Why I Wish All of My Days Could be my Best Day

Hey Boo’s

I have been frustrated lately because there was a big barometric drop in pressure last week, which triggered a whack load of seizures. Since I have had the VNS inserted, I have not had any massive seizures such as falling.

Last Thursday I had a pretty bad seizure in particular. I was on the phone with my partner and I started gripping the phone. She asked if I was still there, and then assumed we got cut off because she went underground. I heard her though, and due to rigidity, I fell off the chair I was sitting on. Ouch! Damn that hurt.

Seizures trigger a lot of mental health issues, such as anxiety and depression. Since I have it in my lucky cards to have Refractory Epilepsy, I am even more likely to have depression (which I do) and anxiety. Yay!

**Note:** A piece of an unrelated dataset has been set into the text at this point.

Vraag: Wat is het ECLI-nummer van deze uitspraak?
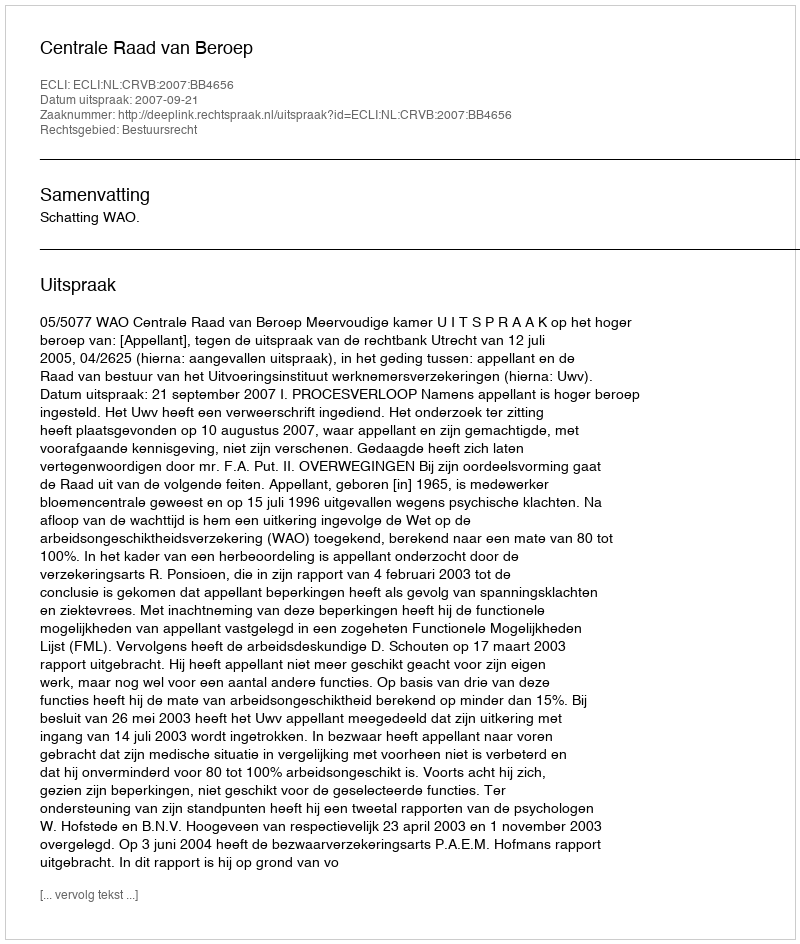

What makes me feel awesome though  is my clothing. Every night before I fall asleep, I plan my outfit. I am not the most practical dresser, so I might think of wearing a skirt when it has been raining all week. My fashion gives me confidence because I can say “Hello World! I am not feeling well but I look great!”

I know it’s unrealistic to expect every single day to be Ah-MAZING. As my coach Georgee told me, life has it’s ebbs and flows and if it was always up, we wouldn’t appreciate it so much. Such wise words! I am trying to get my a$$ back into gear, even though it’s hard with the correlation of mental health issues that come with epilepsy.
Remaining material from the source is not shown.